■ Assigned task
Filter the records below for the word "sentence". Keep each line that has it.

■ Dataset records
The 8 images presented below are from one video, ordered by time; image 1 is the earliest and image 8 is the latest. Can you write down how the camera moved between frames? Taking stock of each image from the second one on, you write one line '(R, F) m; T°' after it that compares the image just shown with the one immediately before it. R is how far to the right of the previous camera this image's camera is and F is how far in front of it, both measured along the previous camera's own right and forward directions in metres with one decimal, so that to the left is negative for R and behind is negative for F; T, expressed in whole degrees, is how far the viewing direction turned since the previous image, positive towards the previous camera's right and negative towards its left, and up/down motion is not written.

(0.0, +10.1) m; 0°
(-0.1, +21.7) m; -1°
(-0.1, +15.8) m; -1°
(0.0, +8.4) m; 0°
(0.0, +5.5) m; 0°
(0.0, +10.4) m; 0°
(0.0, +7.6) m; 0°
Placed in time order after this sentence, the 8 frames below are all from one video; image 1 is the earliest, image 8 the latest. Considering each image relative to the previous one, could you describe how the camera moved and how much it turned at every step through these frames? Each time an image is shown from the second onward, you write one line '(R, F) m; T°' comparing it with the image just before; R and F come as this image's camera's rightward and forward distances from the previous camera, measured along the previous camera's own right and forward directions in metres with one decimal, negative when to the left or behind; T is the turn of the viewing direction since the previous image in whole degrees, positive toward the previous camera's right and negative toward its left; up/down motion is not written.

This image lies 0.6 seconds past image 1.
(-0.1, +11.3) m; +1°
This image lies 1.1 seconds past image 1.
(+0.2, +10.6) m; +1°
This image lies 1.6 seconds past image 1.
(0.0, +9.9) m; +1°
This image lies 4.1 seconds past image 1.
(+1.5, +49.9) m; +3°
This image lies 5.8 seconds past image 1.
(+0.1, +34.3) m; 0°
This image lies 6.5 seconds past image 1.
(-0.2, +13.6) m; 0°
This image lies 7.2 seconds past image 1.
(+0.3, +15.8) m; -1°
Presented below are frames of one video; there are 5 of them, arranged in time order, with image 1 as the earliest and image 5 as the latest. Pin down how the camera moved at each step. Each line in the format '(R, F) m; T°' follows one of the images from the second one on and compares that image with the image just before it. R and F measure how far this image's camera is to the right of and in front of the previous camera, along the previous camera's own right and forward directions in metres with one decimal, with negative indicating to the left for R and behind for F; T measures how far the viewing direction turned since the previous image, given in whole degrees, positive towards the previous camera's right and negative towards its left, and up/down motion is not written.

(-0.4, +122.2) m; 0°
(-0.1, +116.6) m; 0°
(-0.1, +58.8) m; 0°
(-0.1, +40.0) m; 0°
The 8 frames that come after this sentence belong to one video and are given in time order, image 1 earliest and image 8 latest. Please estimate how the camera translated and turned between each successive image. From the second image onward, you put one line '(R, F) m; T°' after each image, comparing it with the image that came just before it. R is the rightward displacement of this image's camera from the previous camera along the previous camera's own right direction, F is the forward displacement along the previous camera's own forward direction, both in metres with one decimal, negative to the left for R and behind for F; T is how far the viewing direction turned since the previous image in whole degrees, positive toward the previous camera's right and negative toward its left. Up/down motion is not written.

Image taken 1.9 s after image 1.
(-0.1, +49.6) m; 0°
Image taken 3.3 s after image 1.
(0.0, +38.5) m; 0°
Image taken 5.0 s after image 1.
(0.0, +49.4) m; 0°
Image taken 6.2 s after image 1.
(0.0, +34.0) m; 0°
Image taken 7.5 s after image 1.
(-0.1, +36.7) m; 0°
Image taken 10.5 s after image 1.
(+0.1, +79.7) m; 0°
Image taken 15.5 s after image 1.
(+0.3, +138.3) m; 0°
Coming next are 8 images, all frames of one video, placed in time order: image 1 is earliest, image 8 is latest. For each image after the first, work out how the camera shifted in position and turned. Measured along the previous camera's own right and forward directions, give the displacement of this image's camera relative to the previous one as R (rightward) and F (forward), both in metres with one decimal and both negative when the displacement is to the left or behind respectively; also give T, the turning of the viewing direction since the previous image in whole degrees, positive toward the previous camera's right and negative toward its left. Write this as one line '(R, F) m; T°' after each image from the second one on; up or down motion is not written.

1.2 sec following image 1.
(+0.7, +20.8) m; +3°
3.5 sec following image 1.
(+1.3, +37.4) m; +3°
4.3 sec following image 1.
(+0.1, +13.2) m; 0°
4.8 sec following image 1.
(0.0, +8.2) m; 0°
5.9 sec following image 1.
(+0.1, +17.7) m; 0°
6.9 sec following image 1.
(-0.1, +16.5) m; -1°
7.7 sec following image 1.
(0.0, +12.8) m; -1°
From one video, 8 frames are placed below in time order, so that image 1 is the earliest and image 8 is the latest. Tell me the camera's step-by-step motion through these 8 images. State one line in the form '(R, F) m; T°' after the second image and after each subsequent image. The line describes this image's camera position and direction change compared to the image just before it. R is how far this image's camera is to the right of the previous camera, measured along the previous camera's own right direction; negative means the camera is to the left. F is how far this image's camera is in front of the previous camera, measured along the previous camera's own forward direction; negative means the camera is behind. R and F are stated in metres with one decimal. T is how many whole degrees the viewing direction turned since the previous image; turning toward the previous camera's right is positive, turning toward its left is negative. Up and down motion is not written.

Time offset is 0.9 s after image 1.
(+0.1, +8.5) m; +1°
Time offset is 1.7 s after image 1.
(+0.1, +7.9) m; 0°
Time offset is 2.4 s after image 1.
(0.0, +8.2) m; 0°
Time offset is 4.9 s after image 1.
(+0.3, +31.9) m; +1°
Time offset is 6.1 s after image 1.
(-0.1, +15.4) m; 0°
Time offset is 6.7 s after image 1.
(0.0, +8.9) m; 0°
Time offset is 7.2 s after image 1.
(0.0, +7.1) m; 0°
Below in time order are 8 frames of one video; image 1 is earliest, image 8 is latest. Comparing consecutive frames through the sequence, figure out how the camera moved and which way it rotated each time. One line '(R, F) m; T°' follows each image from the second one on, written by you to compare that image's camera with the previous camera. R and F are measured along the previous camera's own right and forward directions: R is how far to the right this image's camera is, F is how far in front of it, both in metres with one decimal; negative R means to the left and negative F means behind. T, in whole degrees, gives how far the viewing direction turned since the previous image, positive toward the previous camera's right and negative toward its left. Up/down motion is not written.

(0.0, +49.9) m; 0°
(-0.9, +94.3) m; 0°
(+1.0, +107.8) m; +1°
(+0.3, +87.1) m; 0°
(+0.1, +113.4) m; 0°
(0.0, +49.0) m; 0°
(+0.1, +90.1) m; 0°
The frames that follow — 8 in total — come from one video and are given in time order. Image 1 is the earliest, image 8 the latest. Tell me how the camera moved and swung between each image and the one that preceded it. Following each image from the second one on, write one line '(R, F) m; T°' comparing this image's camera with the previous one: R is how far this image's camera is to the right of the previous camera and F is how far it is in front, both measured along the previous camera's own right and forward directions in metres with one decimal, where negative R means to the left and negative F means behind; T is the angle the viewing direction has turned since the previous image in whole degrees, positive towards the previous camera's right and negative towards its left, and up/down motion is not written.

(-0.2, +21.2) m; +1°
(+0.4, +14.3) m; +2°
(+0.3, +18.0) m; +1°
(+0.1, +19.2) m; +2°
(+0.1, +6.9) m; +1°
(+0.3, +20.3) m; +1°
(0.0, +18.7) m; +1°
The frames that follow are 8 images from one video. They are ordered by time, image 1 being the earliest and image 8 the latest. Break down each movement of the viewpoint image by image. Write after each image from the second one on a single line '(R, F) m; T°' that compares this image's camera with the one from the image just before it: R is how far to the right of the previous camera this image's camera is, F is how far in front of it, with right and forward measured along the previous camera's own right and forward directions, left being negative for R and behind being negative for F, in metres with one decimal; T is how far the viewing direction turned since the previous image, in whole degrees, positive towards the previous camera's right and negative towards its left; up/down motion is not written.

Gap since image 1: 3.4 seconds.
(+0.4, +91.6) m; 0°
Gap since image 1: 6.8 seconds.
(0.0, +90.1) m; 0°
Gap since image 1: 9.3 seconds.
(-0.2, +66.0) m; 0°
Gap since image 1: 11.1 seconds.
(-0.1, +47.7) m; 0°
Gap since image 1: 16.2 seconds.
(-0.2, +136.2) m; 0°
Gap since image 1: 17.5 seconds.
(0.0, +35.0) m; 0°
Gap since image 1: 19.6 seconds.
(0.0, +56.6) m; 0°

■ Solution to the problem
Placed in time order after this sentence, the 8 frames below are all from one video; image 1 is the earliest, image 8 the latest. Considering each image relative to the previous one, could you describe how the camera moved and how much it turned at every step through these frames? Each time an image is shown from the second onward, you write one line '(R, F) m; T°' comparing it with the image just before; R and F come as this image's camera's rightward and forward distances from the previous camera, measured along the previous camera's own right and forward directions in metres with one decimal, negative when to the left or behind; T is the turn of the viewing direction since the previous image in whole degrees, positive toward the previous camera's right and negative toward its left; up/down motion is not written.
The 8 frames that come after this sentence belong to one video and are given in time order, image 1 earliest and image 8 latest. Please estimate how the camera translated and turned between each successive image. From the second image onward, you put one line '(R, F) m; T°' after each image, comparing it with the image that came just before it. R is the rightward displacement of this image's camera from the previous camera along the previous camera's own right direction, F is the forward displacement along the previous camera's own forward direction, both in metres with one decimal, negative to the left for R and behind for F; T is how far the viewing direction turned since the previous image in whole degrees, positive toward the previous camera's right and negative toward its left. Up/down motion is not written.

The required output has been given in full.